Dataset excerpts
=== Begin Enclosure ===

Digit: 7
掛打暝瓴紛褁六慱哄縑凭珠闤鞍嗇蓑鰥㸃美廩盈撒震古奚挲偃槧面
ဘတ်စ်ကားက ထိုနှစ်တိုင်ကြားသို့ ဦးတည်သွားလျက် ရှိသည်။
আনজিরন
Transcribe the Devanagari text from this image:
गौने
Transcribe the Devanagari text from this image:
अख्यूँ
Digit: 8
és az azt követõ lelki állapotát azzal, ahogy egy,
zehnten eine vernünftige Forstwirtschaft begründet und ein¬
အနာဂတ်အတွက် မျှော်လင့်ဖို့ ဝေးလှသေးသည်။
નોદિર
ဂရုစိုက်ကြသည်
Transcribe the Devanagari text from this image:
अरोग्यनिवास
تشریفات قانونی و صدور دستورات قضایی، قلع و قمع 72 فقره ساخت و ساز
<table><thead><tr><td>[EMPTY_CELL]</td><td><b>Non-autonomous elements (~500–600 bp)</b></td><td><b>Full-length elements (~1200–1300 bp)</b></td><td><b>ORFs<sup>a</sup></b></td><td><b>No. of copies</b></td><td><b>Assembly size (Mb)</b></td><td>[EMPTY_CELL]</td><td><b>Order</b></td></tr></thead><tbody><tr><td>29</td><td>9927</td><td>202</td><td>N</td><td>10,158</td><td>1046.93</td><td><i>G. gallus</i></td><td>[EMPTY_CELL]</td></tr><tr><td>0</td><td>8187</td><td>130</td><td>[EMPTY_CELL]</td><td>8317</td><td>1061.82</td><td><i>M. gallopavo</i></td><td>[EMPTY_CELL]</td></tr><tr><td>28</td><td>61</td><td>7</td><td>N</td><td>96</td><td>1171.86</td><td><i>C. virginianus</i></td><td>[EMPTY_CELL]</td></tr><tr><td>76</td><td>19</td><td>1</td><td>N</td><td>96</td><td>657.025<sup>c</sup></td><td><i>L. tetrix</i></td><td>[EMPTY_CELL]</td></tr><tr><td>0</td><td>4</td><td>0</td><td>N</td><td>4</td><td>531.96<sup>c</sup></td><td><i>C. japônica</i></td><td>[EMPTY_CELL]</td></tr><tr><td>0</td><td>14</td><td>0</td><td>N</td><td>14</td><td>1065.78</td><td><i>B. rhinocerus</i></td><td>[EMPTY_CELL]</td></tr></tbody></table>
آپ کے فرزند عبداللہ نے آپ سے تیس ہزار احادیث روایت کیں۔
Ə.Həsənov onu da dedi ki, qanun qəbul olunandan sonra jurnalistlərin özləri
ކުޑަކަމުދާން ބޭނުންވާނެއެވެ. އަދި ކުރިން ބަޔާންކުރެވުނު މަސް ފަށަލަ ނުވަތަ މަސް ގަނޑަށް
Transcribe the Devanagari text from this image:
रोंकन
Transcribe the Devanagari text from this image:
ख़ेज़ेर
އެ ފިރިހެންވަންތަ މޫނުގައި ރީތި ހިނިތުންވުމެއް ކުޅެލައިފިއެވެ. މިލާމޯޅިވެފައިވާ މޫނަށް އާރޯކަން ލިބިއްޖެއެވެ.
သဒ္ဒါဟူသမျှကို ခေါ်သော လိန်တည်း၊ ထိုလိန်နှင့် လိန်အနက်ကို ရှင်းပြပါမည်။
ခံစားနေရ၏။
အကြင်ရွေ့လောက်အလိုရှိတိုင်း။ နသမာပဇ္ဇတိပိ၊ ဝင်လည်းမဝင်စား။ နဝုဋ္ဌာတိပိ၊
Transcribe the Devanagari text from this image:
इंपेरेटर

=== End Enclosure ===

* **TASK GOAL**
Of all the entries above, output exactly the lines between the one holding "အနာဂတ်အတွက် မျှော်လင့်ဖို့ ဝေးလှသေးသည်။" and the one holding "تشریفات قانونی و", inclusive.

* **PROBLEM SOLUTION**
အနာဂတ်အတွက် မျှော်လင့်ဖို့ ဝေးလှသေးသည်။
નોદિર
ဂရုစိုက်ကြသည်
Transcribe the Devanagari text from this image:
अरोग्यनिवास
تشریفات قانونی و صدور دستورات قضایی، قلع و قمع 72 فقره ساخت و ساز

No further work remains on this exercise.